And yet some crazy part of me wanted to start a blog (and maybe write a book), but I wasn’t sure I could pull it off.
What would I write about? Nutrition? Pilates? Prenatal stuff? Gestational diabetes? Cooking?
Who would actually want to read it?
Why would I work on something that doesn’t bring me income?
What if people didn’t like what I wrote?
What if my colleagues think I’m a weirdo?
What if, what if, what if…
I almost let that fear get the best of me. Actually, it did for quite a while.
In my first year of blogging, I think I wrote maybe 6 articles. I agonized over every word. Questioned each sentence.
A simple post would quickly turn into a thesis-like monster that read like a dry research article written by a 75-year old academic.
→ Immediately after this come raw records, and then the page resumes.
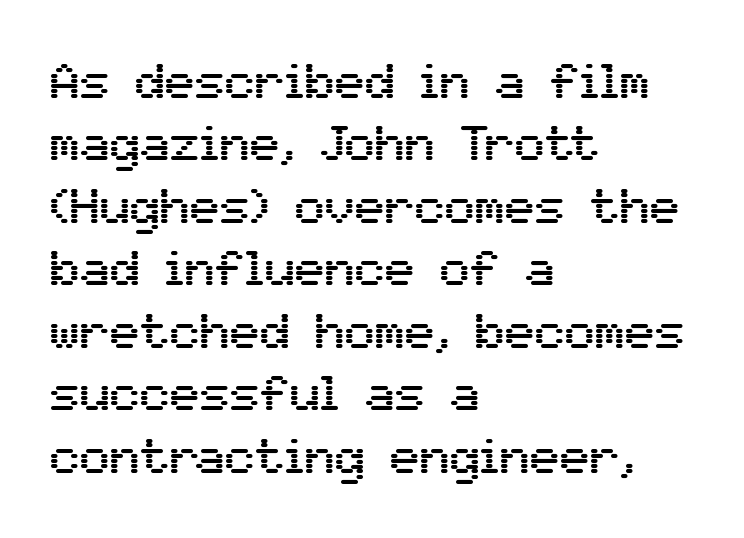
These lines are composed in type without serifs. Each letter keeps its own natural width here, so spacing adapts to shape. The glyphs are unaccompanied by any horizontal stroke below them. Line beginnings align vertically; line endings do not.
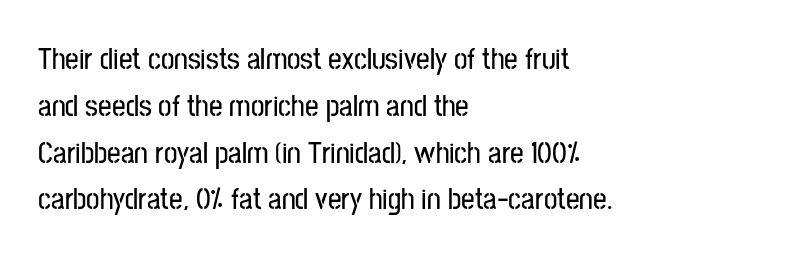
{"serif": "no", "italic": "no", "width": "condensed", "stroke_contrast": "low", "x_height": "medium", "monospaced": "no", "underline": "no", "align": "left", "line_spacing": "normal", "line_spacing_ratio": 1.56, "letter_spacing": "normal", "letter_spacing_em": 0.0, "glyph_px": 30}
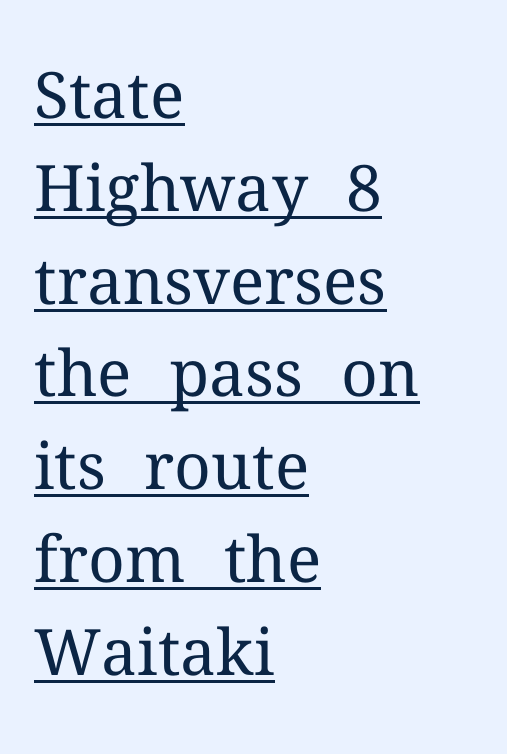
Q: Is the text bold? A: No.
Q: Is the text italic (slanted)? A: No, it is upright.
Q: Is the typeface a serif or a sans-serif typeface? A: Serif.
Q: Is the text underlined? A: Yes.
Q: How is the paragraph aligned? A: Left-aligned.
Q: Is the spacing between letters normal or unusually wide? A: Normal.
Q: Is the spacing between lines tight, normal or loose? A: Normal.
Q: Width (condensed, normal, or wide)? A: Normal.
Q: Stroke contrast? A: Medium.
Q: x-height? A: Medium.
Q: Monospaced? A: No.
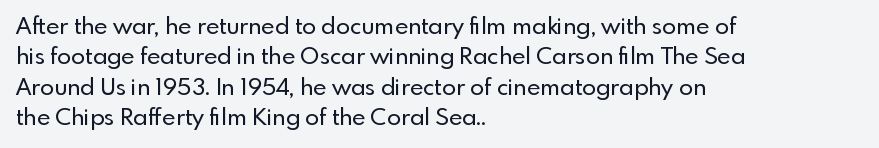
The face used here is rendered with its standard letterfit. These lines are set flush left with a ragged right edge. The glyphs are unaccompanied by any horizontal stroke below them. Normally led — the rows are evenly, conventionally spaced. Do the letters lean? They stand straight.
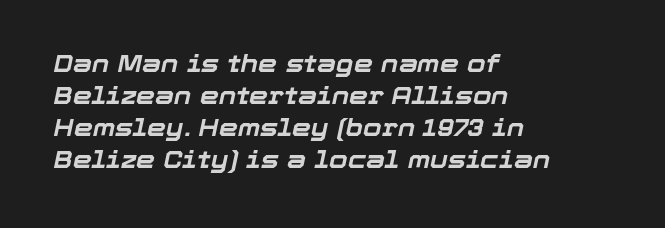
Quick note: interline space is typical. Weight: bold. These lines were composed using italics. This sample uses plain, unmodified letter spacing.
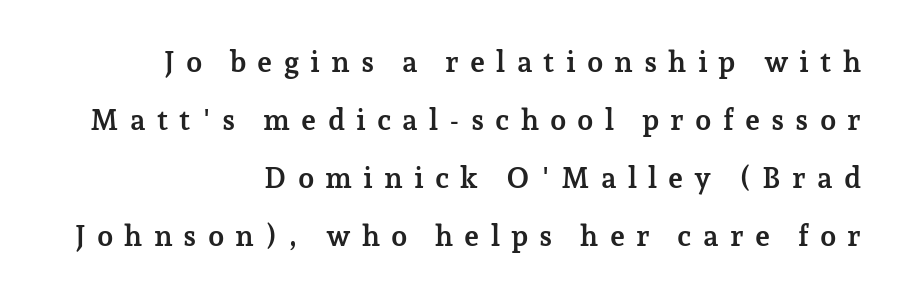
Spacing verdict: proportional, widths tailored to each character. Inter-character spacing is expanded well beyond the font's built-in metrics. The baseline area is clear. Yep, those are serifs on the letters.
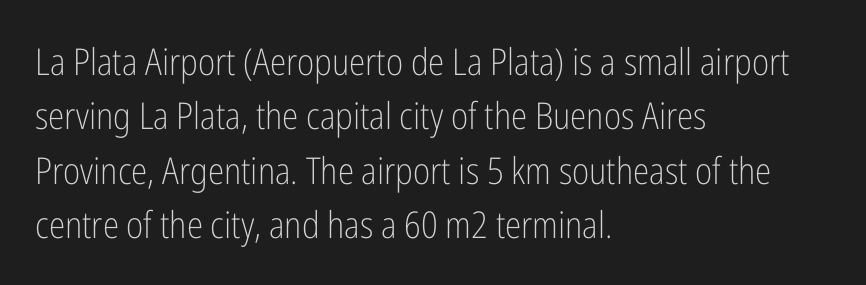
{"serif": "no", "italic": "no", "bold": "no", "weight": "light", "width": "condensed", "stroke_contrast": "low", "x_height": "medium", "monospaced": "no", "underline": "no", "align": "left", "line_spacing": "normal", "line_spacing_ratio": 1.47, "letter_spacing": "normal", "letter_spacing_em": 0.0, "glyph_px": 37}
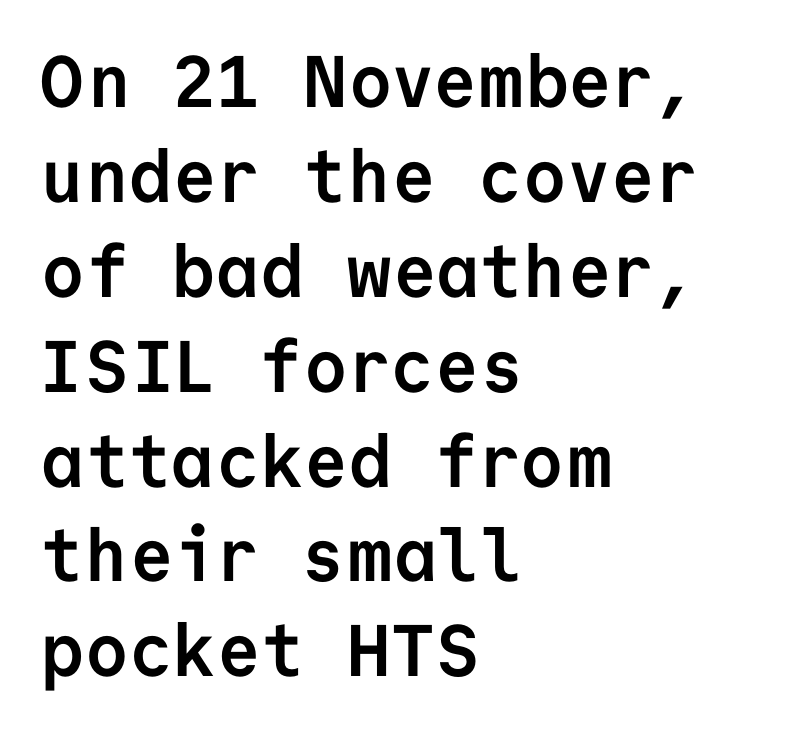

There were tangents upon tangents, each of which were backed up with scientific references (because how in the world could I, in good conscience, put anything out into the world without painstakingly citing every last detail and exploring all of the loopholes of nutritional science?!).
It was awful.
I’d spend DAYS writing a single piece, only to throw in the towel and walk away because it was too complex, too incomplete, too _____.
You get the idea.
Well that was then, and this is now.
More than 2 years ago, after teaching a series of informal nutrition workshop and getting rave reviews, I realized something. People they like the way I teach. They don’t want to learn from a professor (if they did, they’d take a college nutrition class).
But they still want to learn scientifically-backed information – just in a way that’s easily digestible.
I made a promise to myself that I would return to my tired old blog (which was hideous at the time) and write something each week. It wouldn’t be perfect, but I would share it anyways.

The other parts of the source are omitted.